PROBLEM TO WORK ON.
The copy you give must match the lines from the top of the data through the line containing "FILE_DESCRIPTION(/* description */" exactly, and it must hold no pictures.

RECORDS FOR THE EXERCISE below:

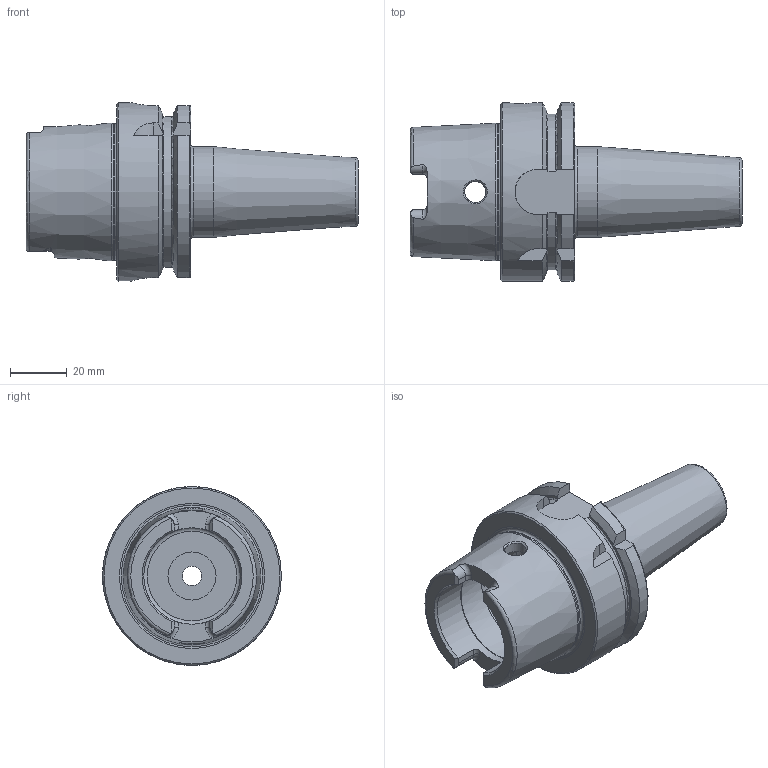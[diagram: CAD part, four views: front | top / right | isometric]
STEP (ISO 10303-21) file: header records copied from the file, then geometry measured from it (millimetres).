
FILE_DESCRIPTION(/* description */ (''),/* implementation_level */ '2;1');
FILE_NAME(/* name */ 'VQ114JR.stp',/* time_stamp */ '2022-11-14T10:46:38+09:00',/* author */ ('YSH'),/* organization */ (''),/* preprocessor_version */ 'ST-DEVELOPER v18.1',/* originating_system */ 'Autodesk Inventor 2022',/* authorisation */ '');
FILE_SCHEMA (('AUTOMOTIVE_DESIGN { 1 0 10303 214 3 1 1 }'));
Length unit declared in the file: millimetre
Products named in the file (1): LO-HSK63A-SFH10CR-85
Bounding box: 117 x 63 x 63 mm (x, y, z)
Volume: 115027 mm3; surface area: 29556.1 mm2
Topology: 1 solids, 1 shells, 119 faces, 318 edges, 206 vertices
Faces by surface type: plane 42, cylinder 35, torus 24, cone 16, bspline 2
Full cylindrical faces by diameter (mm): 2.459 x2, 6.917 x1, 7.5 x2, 10 x2, 11.2 x1, 16.917 x1, 19 x1, 32 x1, 34 x2, 40 x1, 48.041 x1, 63 x1
Entity records: 4451 total; most frequent: CARTESIAN_POINT 1468, ORIENTED_EDGE 632, DIRECTION 616, EDGE_CURVE 316, AXIS2_PLACEMENT_3D 254, VERTEX_POINT 206, EDGE_LOOP 132, CIRCLE 126

End of RECORDS FOR THE EXERCISE.

SOLVED EXERCISE.
[diagram: CAD part, four views: front | top / right | isometric]
STEP (ISO 10303-21) file: header records copied from the file, then geometry measured from it (millimetres).
FILE_DESCRIPTION(/* description */ (''),/* implementation_level */ '2;1');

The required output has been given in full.